Date of Award

2009

Publication Type

Doctoral Thesis

Degree Name

Ph.D.

Department

Education

First Advisor

Dr. Larry Morton

Keywords

Education, Leadership behaviour, Stress reduction, Succession planning

Rights

info:eu-repo/semantics/openAccess

Creative Commons License

Creative Commons Attribution-Noncommercial-No Derivative Works 4.0 License
This work is licensed under a Creative Commons Attribution-Noncommercial-No Derivative Works 4.0 License.

Abstract

The purpose of this study was to determine whether one or more types of leadership behaviour styles (transformational, collaborative, direct/direct-informational and/or non-directive) are conducive to less administrator stress. The participants were drawn from one school board in South Western Ontario and included vice principals, principals, and superintendents. Data gathered were examined for links between leadership behaviour styles and work stress factors. Instruments used in the study included the Life Styles Inventory™(LSI) and the Administrative Stress Index (ASI), a demographic questionnaire along with a qualitative response to a self-perceived stressful leadership scenario.

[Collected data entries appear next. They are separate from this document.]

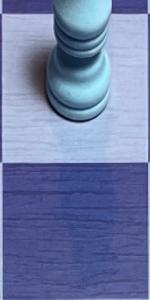
Label: Empty
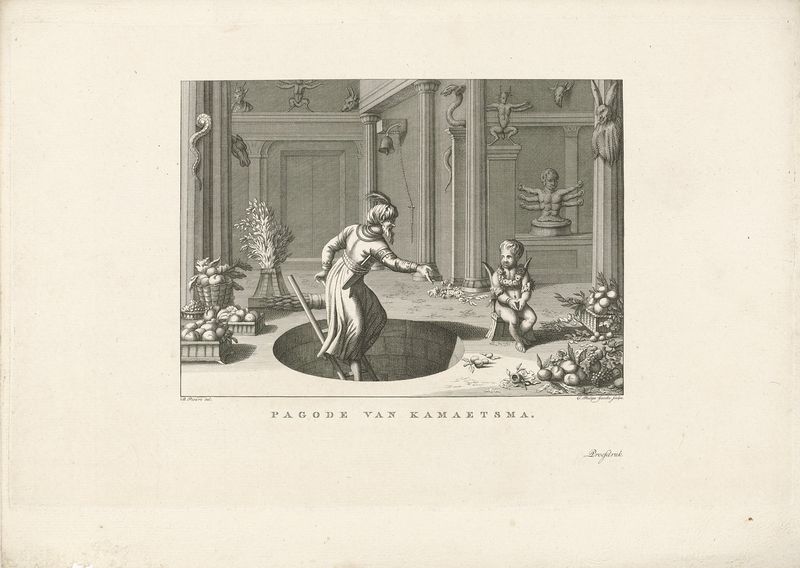
Titel: Interieur van een Indiase tempel
Künstler: Caspar Jacobsz. Philips
Standort: Amsterdam
Institution: Rijksmuseum
Schlagwörter: gravure, enfant, buste, xvi, fruits, paniers, trou, bestioles, montres, hollade
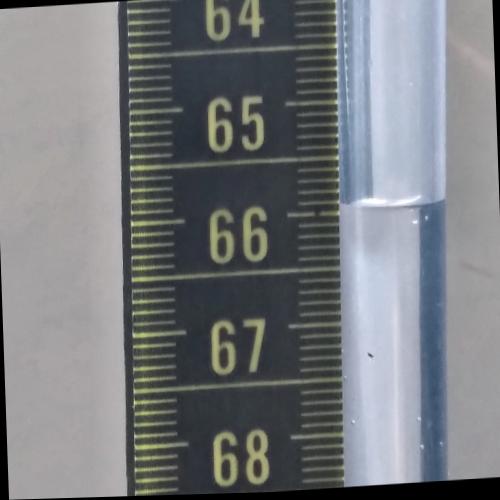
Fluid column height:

Study results indicated that there was no correlation between the LSI Style subscales, Concern subscales and ASI stress levels. In addition, there was no relationship between the self-identified leadership behaviour style and ASI stress levels. The largest proportion of female participants (51.9%) preferred a collaborative leadership style followed by a direct/direct-informational leadership style (26.9%) and the largest proportion of males preferred a direct/direct-informational leadership behaviour style (39.5%) followed by a collaborative leadership style (34.8%). More males preferred transformational leadership (20.9%) over females (9.6%). Qualitative data indicated that administrators experienced stress mostly when contending with administrative constraints and interpersonal conflicts. Qualitative data indicated that the most stressful situations for administrators involved contentious issues with adults rather than students.